*Requirement*.
Each record below needs to be set down again exactly.

*Dataset content*.
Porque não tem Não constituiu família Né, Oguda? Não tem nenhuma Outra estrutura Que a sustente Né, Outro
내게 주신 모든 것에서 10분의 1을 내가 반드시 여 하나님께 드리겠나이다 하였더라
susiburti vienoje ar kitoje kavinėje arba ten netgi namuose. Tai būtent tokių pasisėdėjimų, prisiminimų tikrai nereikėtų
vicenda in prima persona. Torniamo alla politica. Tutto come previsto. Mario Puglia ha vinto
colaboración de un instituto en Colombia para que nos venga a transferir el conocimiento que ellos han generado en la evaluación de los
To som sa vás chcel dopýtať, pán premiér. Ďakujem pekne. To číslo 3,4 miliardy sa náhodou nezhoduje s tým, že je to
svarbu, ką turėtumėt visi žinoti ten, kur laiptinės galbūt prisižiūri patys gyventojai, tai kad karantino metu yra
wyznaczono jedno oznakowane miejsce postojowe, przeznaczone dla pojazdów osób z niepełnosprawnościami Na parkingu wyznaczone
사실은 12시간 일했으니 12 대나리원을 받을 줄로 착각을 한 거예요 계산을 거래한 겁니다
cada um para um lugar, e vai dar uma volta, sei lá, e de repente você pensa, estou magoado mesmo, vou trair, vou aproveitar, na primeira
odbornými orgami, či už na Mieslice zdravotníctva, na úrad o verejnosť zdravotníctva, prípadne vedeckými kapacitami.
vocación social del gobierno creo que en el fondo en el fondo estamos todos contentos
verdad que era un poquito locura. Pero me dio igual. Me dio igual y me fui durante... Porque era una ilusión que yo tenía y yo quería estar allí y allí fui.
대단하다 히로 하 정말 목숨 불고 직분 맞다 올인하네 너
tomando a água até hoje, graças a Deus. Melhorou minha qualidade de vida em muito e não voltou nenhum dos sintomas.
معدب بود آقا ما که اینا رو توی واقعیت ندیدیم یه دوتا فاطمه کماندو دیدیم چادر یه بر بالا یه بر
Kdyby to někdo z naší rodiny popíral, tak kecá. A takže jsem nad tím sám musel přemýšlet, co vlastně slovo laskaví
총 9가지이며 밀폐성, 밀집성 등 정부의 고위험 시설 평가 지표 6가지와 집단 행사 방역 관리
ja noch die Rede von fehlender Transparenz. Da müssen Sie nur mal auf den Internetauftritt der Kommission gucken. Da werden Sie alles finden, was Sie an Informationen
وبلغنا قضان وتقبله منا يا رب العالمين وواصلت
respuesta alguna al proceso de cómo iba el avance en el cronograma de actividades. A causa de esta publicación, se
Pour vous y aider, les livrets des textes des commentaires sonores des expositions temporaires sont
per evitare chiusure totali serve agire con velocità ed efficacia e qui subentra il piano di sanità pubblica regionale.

*Task result*.
Porque não tem Não constituiu família Né, Oguda? Não tem nenhuma Outra estrutura Que a sustente Né, Outro
내게 주신 모든 것에서 10분의 1을 내가 반드시 여 하나님께 드리겠나이다 하였더라
susiburti vienoje ar kitoje kavinėje arba ten netgi namuose. Tai būtent tokių pasisėdėjimų, prisiminimų tikrai nereikėtų
vicenda in prima persona. Torniamo alla politica. Tutto come previsto. Mario Puglia ha vinto
colaboración de un instituto en Colombia para que nos venga a transferir el conocimiento que ellos han generado en la evaluación de los
To som sa vás chcel dopýtať, pán premiér. Ďakujem pekne. To číslo 3,4 miliardy sa náhodou nezhoduje s tým, že je to
svarbu, ką turėtumėt visi žinoti ten, kur laiptinės galbūt prisižiūri patys gyventojai, tai kad karantino metu yra
wyznaczono jedno oznakowane miejsce postojowe, przeznaczone dla pojazdów osób z niepełnosprawnościami Na parkingu wyznaczone
사실은 12시간 일했으니 12 대나리원을 받을 줄로 착각을 한 거예요 계산을 거래한 겁니다
cada um para um lugar, e vai dar uma volta, sei lá, e de repente você pensa, estou magoado mesmo, vou trair, vou aproveitar, na primeira
odbornými orgami, či už na Mieslice zdravotníctva, na úrad o verejnosť zdravotníctva, prípadne vedeckými kapacitami.
vocación social del gobierno creo que en el fondo en el fondo estamos todos contentos
verdad que era un poquito locura. Pero me dio igual. Me dio igual y me fui durante... Porque era una ilusión que yo tenía y yo quería estar allí y allí fui.
대단하다 히로 하 정말 목숨 불고 직분 맞다 올인하네 너
tomando a água até hoje, graças a Deus. Melhorou minha qualidade de vida em muito e não voltou nenhum dos sintomas.
معدب بود آقا ما که اینا رو توی واقعیت ندیدیم یه دوتا فاطمه کماندو دیدیم چادر یه بر بالا یه بر
Kdyby to někdo z naší rodiny popíral, tak kecá. A takže jsem nad tím sám musel přemýšlet, co vlastně slovo laskaví
총 9가지이며 밀폐성, 밀집성 등 정부의 고위험 시설 평가 지표 6가지와 집단 행사 방역 관리
ja noch die Rede von fehlender Transparenz. Da müssen Sie nur mal auf den Internetauftritt der Kommission gucken. Da werden Sie alles finden, was Sie an Informationen
وبلغنا قضان وتقبله منا يا رب العالمين وواصلت
respuesta alguna al proceso de cómo iba el avance en el cronograma de actividades. A causa de esta publicación, se
Pour vous y aider, les livrets des textes des commentaires sonores des expositions temporaires sont
per evitare chiusure totali serve agire con velocità ed efficacia e qui subentra il piano di sanità pubblica regionale.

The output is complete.